Barclay's Daily Bible Studies, “The Fate of the Unprepared”

We are experiencing the deadly pandemic of COVID-19 coronavirus. As health experts and other public officials beg people to take responsibility and love others by practicing the rules, regulations, and recommendations of social distancing and sheltering-in-place, we still see those who ignore those important instructions. Not only do they endanger themselves and their loved ones, but also they endanger all other human beings through their reckless, uncaring behavior.

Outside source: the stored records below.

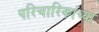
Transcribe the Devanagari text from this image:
परिचारिकांच्या
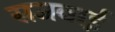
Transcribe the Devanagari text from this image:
सजवाई
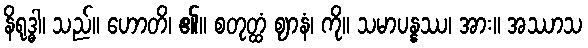
နိရုဒ္ဓါ၊ သည်။ ဟောတိ၊ ၏။ စတုတ္ထံ ဈာနံ၊ ကို။ သမာပန္နဿ၊ အား။ အဿာသ
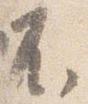
不
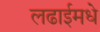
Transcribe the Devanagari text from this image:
लढाईमधे
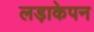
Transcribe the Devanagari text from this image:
लड़ाकेपन
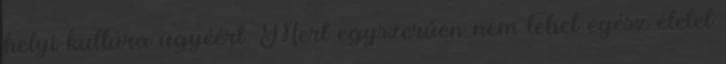
helyi kultúra ügyéért. Mert egyszerűen nem lehet egész életet
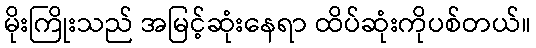
မိုးကြိုးသည် အမြင့်ဆုံးနေရာ ထိပ်ဆုံးကိုပစ်တယ်။
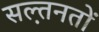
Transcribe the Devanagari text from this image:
सल़्तनतों
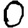
Digit: 0
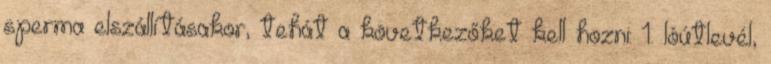
sperma elszállításakor, tehát a következőket kell hozni: 1. lóútlevél,
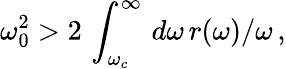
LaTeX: \omega_{0}^{2}>2\, \int_{\omega_{c}}^{\infty}\, d\omega\, r(\omega)/\omega\, ,
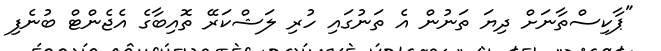
"ޕާކިސްތާނަށް ދިޔަ ތަނުން އެ ތަނުގައި ހުރި ލަޝްކަރޭ ތޮއިބާގެ އެޖެންޓް ބުނެފި
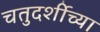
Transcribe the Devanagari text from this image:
चतुदर्शीच्या

These people use any excuse to fulfill selfish desires while putting the public at risk. Although some are simply ignorant, perhaps incapable of understanding, most feel entitled. Researcher Emily Zitek, an assistant professor with the Cornell University School of Industrial and Labor Relations, says …

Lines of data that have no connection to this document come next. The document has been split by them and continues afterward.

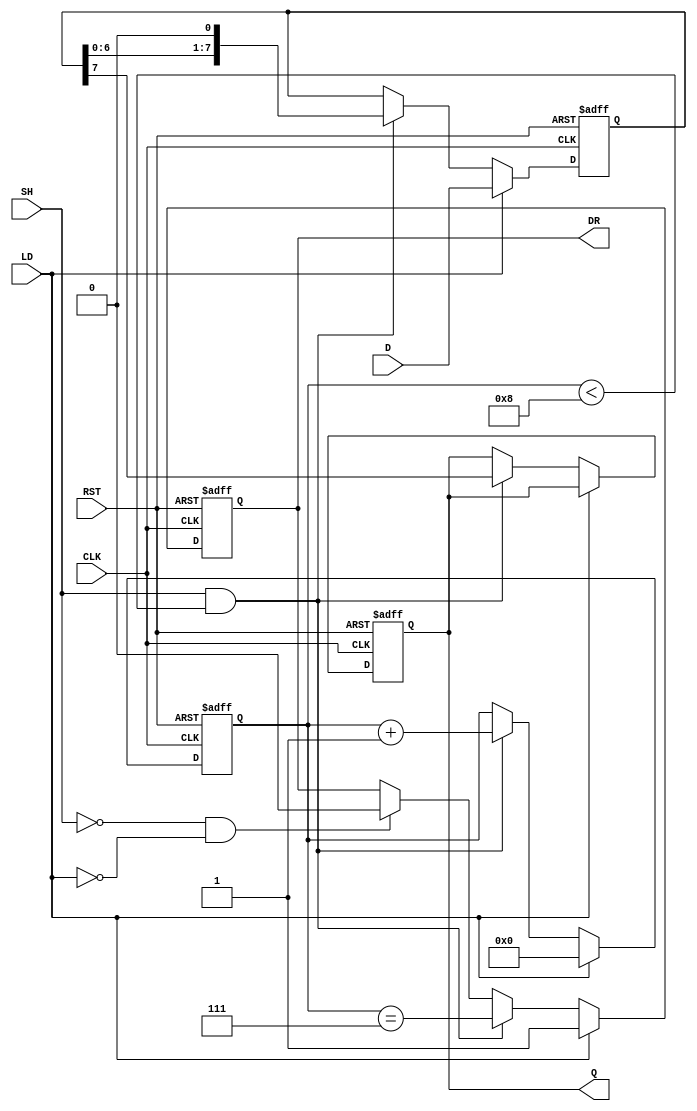
module PISO_Register(
    input wire [7:0] D,        // Parallel Data Input
    input wire LD,             // Load Signal
    input wire SH,             // Shift Signal
    input wire CLK,            // Clock Signal
    input wire RST,            // Reset Signal
    output reg Q,              // Serial Output
    output reg DR              // Data Ready Signal
);
    
    reg [7:0] shift_reg;       // Shift register to hold the data
    reg [3:0] shift_count;     // Counter to track the number of shifts

    // Asynchronous reset
    always @(posedge CLK or posedge RST) begin
        if (RST) begin
            shift_reg <= 8'b00000000; // Clear shift register
            Q <= 1'b0;               // Clear output
            DR <= 1'b0;              // Clear Data Ready signal
            shift_count <= 4'b0;     // Reset shift counter
        end 
        else if (LD) begin
            shift_reg <= D;          // Load parallel data into the register
            shift_count <= 4'b0;     // Reset shift count
            DR <= 1'b1;              // Assert Data Ready signal
        end 
        else if (SH && (shift_count < 8)) begin
            Q <= shift_reg[7];       // Output the MSB of the shift register
            shift_reg <= {shift_reg[6:0], 1'b0}; // Shift left
            shift_count <= shift_count + 1; // Increment shift count
            DR <= (shift_count == 7); // Data ready signal when last bit is shifted
        end 
        else if (!SH && !LD) begin
            DR <= 1'b0;              // De-assert Data Ready signal when neither is active
        end
    end

endmodule

Entitled folks are motivated by a powerful sense of indignation. They don't think it's fair for other people to tell them what to do. Instructions are essentially an unfair imposition. They want to do their own thing. They feel like they deserve good things and special treatment."

(Dennis Thompson. “Why the 'Entitled' Think Rules
Don't Apply to Them.” Web MD.)

Penalties or punishments do nothing to improve the conduct of entitled persons – those who believe they deserve the best regardless of their performance or effort. Is is evident the government must make every effort to make entitled people behave in a manner that protects us all. In the context of this post, someone must make people “love” others.

No doubt, the times are trying on us all. We are required to make sacrifices and pledge to adhere to significant changes while maintaining a long-term, steadfast devotion to principles that save lives. Nikki Giovanni reminds us of that important “unless” about love. We tend to take special care of intimate relationships. Yet, being attentive to others at a greater distance who are desperately in need may seem to be a tremendous hardship … evidently a privation many are unwilling to take.

In her verse, Giovanni acknowledges the hardship of being particularly attentive to all people. We should do this in accordance to their needs. We should do it with great selflessness. And, we should do it in the spirit of a loving God. Even in a global and national perspective “Love is You and Me.”